====== Dataset extract

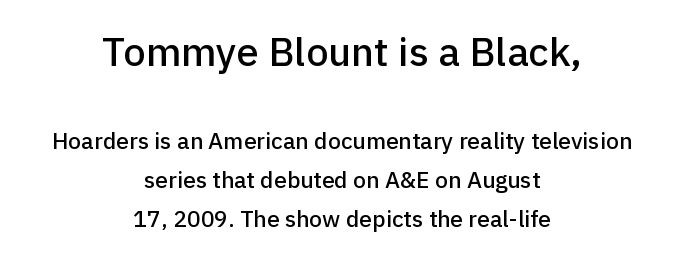
The image shows 40 px sans-serif type, upright; set centered, normal line spacing (1.7x), normal letter spacing, not underlined; the first (top) block is 1.74x larger; low stroke contrast and a medium x-height.
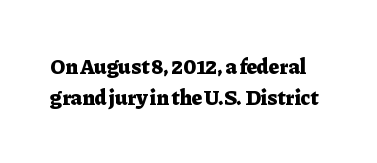
The image shows 21 px bold type, upright; set normal line spacing (1.48x), normal letter spacing, not underlined.
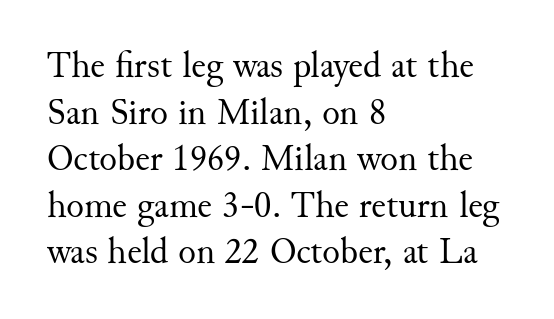
Leftover space on each line is placed entirely after the last word. Rows of type keep a routine distance in the vertical direction. Words float on clear page, feet unadorned. Does the lettering tilt? It doesn't — this is upright.
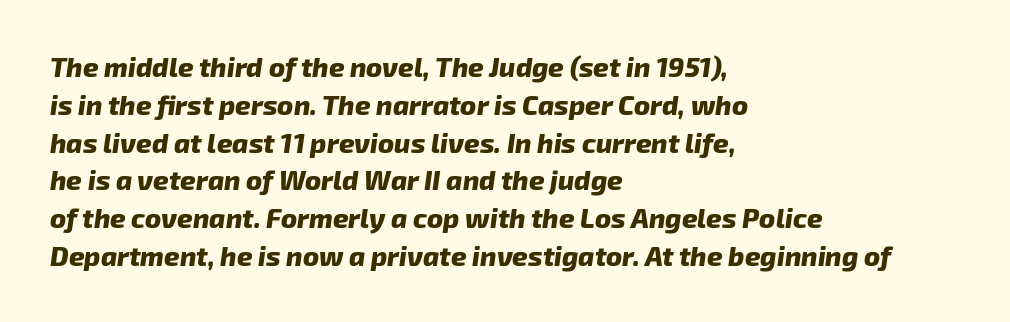
These words are printed bold, with thick strokes throughout. A clean baseline with only descenders dipping below it. Glyph-to-glyph distance matches everyday printed text. These lines stack with their left ends in a neat column. The passage shown leans; its letterforms are oblique. Normally led — the rows are evenly, conventionally spaced.
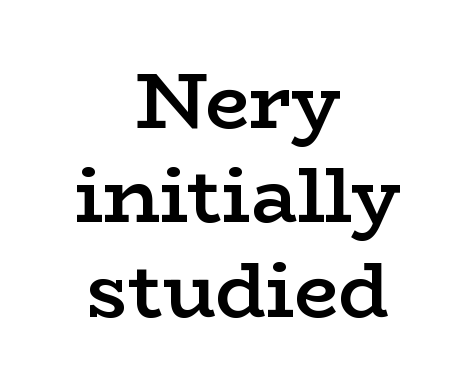
The image shows 78 px semibold, wide serif type, upright; set centered, line spacing 1.21x, normal letter spacing, not underlined; low stroke contrast and a medium x-height.
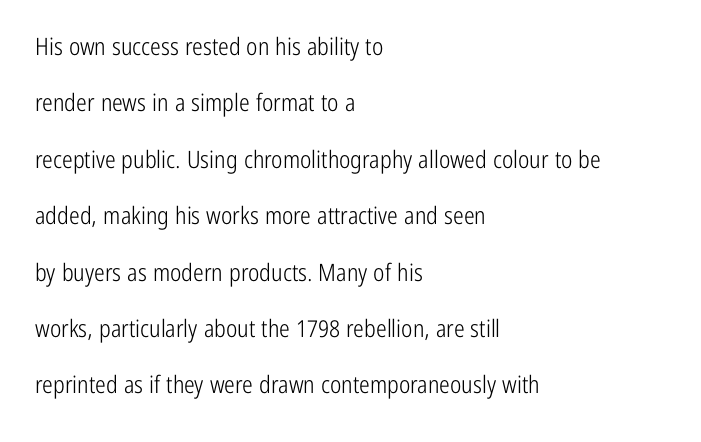
Layout note: lines flush left. This sample uses plain, unmodified letter spacing. The face looks like a standard text weight, possibly lighter. Notice the wide empty band between every row — that's loose leading. Upright lettering throughout. Glance below the letters and you will spot only blank space.
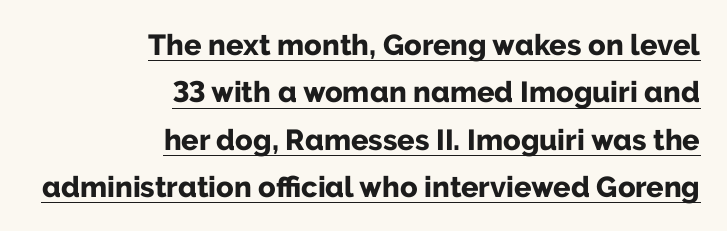
Type style note: lacks serifs. You could not count columns in this text — the font is proportionally spaced. The sample's only ornament is a line tracing under the words. Which margin do the lines hug? The right one — the left edge is uneven. The typography opts for an upright posture over an oblique one. The passage shown is emphatically bold.
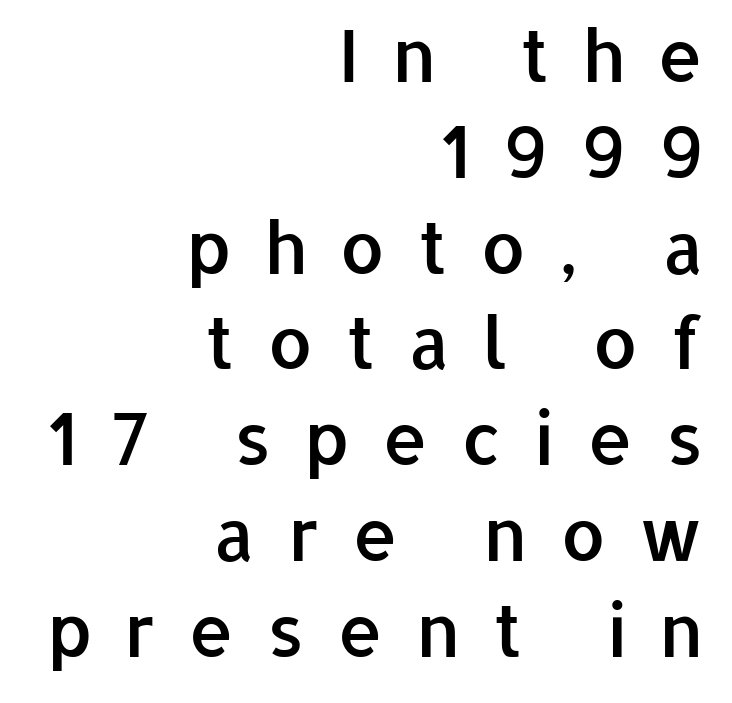
{"serif": "no", "italic": "no", "bold": "semi", "weight": "semibold", "width": "normal", "stroke_contrast": "low", "x_height": "medium", "monospaced": "no", "underline": "no", "align": "right", "line_spacing": "normal", "line_spacing_ratio": 1.33, "letter_spacing": "wide", "letter_spacing_em": 0.45, "glyph_px": 72}
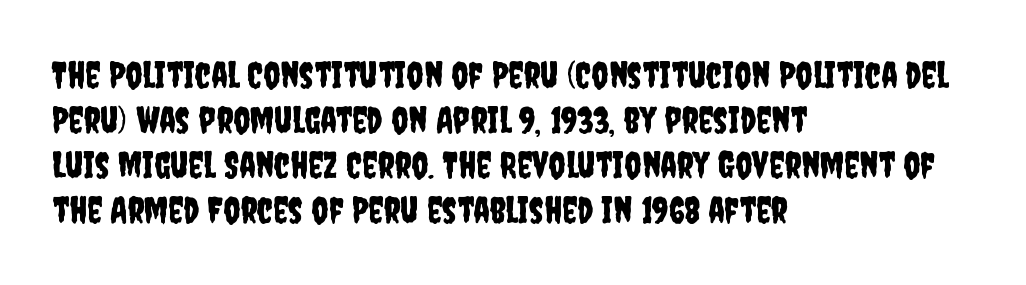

============

Instructions to follow:
Could you write out exactly the lines of the data above that run from the one holding "These words are" to the one holding "Type style note: lacks", with both ends in and all pictures out?

Solution to the problem:
These words are printed bold, with thick strokes throughout. A clean baseline with only descenders dipping below it. Glyph-to-glyph distance matches everyday printed text. These lines stack with their left ends in a neat column. The passage shown leans; its letterforms are oblique. Normally led — the rows are evenly, conventionally spaced.
The image shows 78 px semibold, wide serif type, upright; set centered, line spacing 1.21x, normal letter spacing, not underlined; low stroke contrast and a medium x-height.
Layout note: lines flush left. This sample uses plain, unmodified letter spacing. The face looks like a standard text weight, possibly lighter. Notice the wide empty band between every row — that's loose leading. Upright lettering throughout. Glance below the letters and you will spot only blank space.
Type style note: lacks serifs. You could not count columns in this text — the font is proportionally spaced. The sample's only ornament is a line tracing under the words. Which margin do the lines hug? The right one — the left edge is uneven. The typography opts for an upright posture over an oblique one. The passage shown is emphatically bold.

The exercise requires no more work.